Comment 1 Hans de Goede 2011-04-09 18:33:36 UTC
I'm seeing the exact same thing (did not try to ssh in though) on my Dell latitude 6400 laptop with a Quadro NVS 160M (G98M), which is also an NV50 card and actually is pretty close to the 9400GT all around.

I'm quite experienced with most forms of debugging let me know if there is anything I can do help.
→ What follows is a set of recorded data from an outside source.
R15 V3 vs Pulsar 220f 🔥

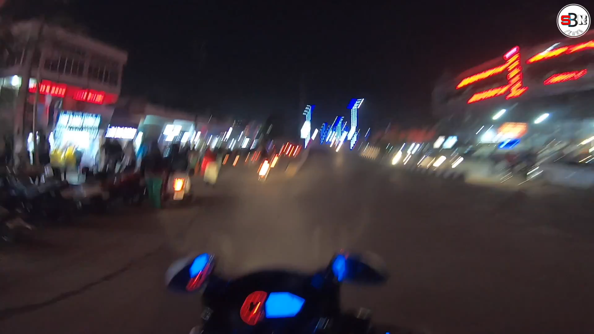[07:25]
तो भाई अपन आके अभी पहुंचे हैं कहाँ, जीएमसी फ्लाईओवर के सामने। एंड ये ब्रिज देख रहे हो भाई, ये फ्लाईओवर में क्या सजावट करके रखा है ऊपर।
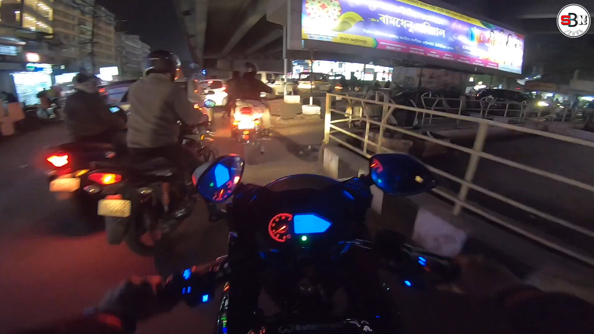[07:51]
तो आते आते पहुंच चुके भाई अभी जीएस रोड, आगे तो बहुत ज़्यादा ट्रैफिक है भाई।
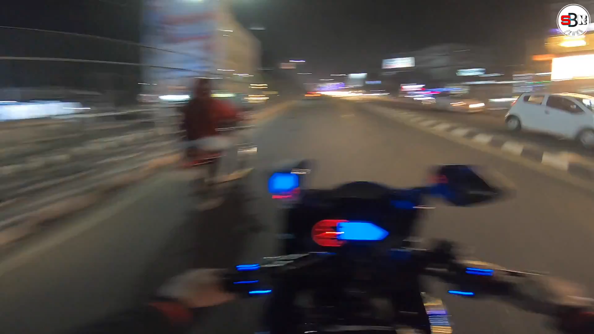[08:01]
गणेशगुड़ी तो भाई क्रॉस करके आया है लेकिन यहाँ पे ट्रैफिक भाई बहुत ही ज़्यादा ट्रैफिक है भाई।
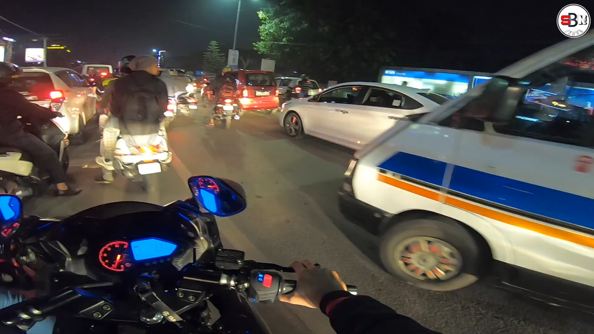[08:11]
तो भाई पहुंच चुके हैं अर्शद भाई के घर पे।

I'm hansg@freenode on irc.

Comment 2 Hans de Goede 2011-04-09 18:50:20 UTC
Created attachment 490987 [details]
Dmesg of lattitude 6400 + nvs160m

Comment 3 Hans de Goede 2011-04-09 18:53:46 UTC
Created attachment 490988 [details]
xorg.log of lattitude 6400 + nvs160m

Note I believe I've been seeing this since 2.6.38.2-11 (-10 is doa, -9 is ok), but I did not file this bug before because I wasn't sure that this did not happen with -9. However I'm pretty confident now that this is a regression from -9.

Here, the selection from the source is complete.